I (Vic) have this week discovered the unparalleled, unhinged TikTok account claiming to be Yellowstone National Park. It’s fooled everyone.


Since the USA’s parks were defunded, someone has begun tirelessly stitching thirst-trap influencer dudes like Thoren Bradley and Jonathan Kane with Yellowstone park footage, like a rushing waterfall, with a music bed of explicit or sassy such as Kelis’s: ‘My milkshake brings all the boys to the yard’.


Result? Spicy and hilarious TikToks that’ve gained so much attention that all the national parks are piling on. The comments sections are feral. The world is obsessed. Even Yellowstone Park Official is letting them cook and Bradley and Kane have since commented giving full approval and consent.


My point? That any brand can be fresh and unique if it finds the right way to talk about itself. This go-large-or-go-home marketing’s gaining global attention. Even if those viewers aren’t hikers, they’re raising nature awareness and paying for the park via clicks and comments. Win.
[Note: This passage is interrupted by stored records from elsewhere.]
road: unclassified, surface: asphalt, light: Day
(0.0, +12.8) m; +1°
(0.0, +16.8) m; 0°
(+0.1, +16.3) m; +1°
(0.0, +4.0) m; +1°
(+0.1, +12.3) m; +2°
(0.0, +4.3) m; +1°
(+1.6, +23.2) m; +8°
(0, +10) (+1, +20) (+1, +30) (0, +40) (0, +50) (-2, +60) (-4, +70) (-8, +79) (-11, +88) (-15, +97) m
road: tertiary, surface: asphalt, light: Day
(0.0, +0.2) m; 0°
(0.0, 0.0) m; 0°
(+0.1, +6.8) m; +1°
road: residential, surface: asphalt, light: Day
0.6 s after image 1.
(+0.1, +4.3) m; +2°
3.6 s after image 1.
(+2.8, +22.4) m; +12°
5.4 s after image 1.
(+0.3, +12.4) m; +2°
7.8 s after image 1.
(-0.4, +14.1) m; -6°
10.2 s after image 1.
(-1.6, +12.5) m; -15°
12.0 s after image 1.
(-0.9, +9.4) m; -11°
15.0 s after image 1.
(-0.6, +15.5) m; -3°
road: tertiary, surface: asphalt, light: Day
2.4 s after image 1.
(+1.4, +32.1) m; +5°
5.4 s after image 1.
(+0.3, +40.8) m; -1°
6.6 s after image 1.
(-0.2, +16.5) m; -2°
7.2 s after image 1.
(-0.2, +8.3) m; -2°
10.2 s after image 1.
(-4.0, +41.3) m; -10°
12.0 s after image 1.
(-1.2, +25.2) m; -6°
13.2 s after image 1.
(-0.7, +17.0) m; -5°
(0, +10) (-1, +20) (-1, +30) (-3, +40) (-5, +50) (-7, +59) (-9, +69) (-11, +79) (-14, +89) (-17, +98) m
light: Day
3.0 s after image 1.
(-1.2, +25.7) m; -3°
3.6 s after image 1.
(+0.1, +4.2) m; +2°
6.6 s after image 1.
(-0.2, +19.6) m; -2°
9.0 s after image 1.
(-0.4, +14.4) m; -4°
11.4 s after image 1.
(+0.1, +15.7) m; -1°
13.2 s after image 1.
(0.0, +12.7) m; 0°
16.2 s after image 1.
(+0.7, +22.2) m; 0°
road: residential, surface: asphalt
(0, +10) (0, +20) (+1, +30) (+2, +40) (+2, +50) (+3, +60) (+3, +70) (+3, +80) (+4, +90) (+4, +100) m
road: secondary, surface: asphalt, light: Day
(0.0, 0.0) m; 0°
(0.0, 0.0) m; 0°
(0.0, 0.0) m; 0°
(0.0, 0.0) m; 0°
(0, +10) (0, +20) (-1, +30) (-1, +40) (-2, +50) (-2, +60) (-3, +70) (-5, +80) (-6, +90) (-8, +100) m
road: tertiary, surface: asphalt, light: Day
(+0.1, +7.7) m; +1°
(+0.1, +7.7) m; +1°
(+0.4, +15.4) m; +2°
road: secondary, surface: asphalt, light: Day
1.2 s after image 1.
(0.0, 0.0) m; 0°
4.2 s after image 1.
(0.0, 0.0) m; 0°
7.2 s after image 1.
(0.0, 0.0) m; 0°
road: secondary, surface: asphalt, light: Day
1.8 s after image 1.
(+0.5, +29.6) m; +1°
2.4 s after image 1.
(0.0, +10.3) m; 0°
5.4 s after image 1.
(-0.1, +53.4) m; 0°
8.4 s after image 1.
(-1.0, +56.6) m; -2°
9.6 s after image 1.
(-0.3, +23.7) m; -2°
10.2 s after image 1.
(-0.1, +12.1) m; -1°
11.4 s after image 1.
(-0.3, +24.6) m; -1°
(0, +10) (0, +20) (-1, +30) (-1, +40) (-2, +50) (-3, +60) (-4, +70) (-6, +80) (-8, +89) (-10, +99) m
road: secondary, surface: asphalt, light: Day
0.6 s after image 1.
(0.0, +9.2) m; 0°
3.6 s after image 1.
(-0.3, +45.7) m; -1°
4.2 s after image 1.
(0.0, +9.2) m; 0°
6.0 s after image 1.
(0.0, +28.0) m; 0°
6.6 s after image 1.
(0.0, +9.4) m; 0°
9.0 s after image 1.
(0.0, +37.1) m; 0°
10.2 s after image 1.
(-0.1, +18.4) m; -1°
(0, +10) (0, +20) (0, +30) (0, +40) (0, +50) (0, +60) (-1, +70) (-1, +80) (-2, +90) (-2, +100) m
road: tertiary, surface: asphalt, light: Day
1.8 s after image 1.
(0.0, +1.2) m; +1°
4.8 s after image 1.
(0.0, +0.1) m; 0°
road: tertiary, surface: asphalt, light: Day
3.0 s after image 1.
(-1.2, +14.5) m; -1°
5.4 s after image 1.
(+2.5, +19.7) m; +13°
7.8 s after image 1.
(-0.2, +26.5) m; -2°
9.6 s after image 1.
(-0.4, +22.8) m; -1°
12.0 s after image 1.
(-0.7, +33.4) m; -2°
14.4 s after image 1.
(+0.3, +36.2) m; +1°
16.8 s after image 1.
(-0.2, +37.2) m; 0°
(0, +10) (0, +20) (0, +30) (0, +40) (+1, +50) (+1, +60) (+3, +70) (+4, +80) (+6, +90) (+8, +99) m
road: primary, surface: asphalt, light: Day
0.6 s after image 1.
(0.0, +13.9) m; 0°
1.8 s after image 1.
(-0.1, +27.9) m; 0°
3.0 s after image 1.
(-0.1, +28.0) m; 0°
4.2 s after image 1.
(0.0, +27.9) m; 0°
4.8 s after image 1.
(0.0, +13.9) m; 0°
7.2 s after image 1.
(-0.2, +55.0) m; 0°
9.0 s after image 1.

“Products are made in a factory but brands are created in the mind”  Walter Landor, US design consultant

Something mapped…

Back in the day, my (Paul’s) Whiteparish-to-Edinburgh university migration was a heroic odyssey in a beaten up canary yellow ‘81 Mini Metro: the A343 to The 303, hitch onto The 34, pass Silverstone, cling to the M1, Scotch Corner handshake, then onto the rollercoaster 68 and into Auld Reekie. All committed to memory via a dog-eared AA Road Atlas with a couple of coffee rings on the cover and questionable navigation notes in biro. Significantly, each quirky personal moniker had meaning and resonance.


I left Edinburgh years ago, but I can still summon its street names like Hogwarts spells: Clerk Street to Marchmont, Bruntsfield to Pilton. I can mentally walk you from Sneaky Pete’s to the Lord Russell Place chippy via three shortcuts, a cobbled close and the all-night bakery. A must, after a student night out.


And yet, after 20 years in my current town, I couldn’t name a road 300 yards away if my life depended on it. I now navigate locally by vague vibes: ‘left at the tree that looks like a man’; ‘past the angry cat house’.


It’s not just memory - it’s meaning. Edinburgh had narrative, identity and, thank the powers above, late-night chippies. Here, it’s just: where the bins go on Tuesday - or is it Wednesday?


Turns out, brand recall works the same: if the information is not etched in story, it fades into the fog of ‘somewhere near Aldi’.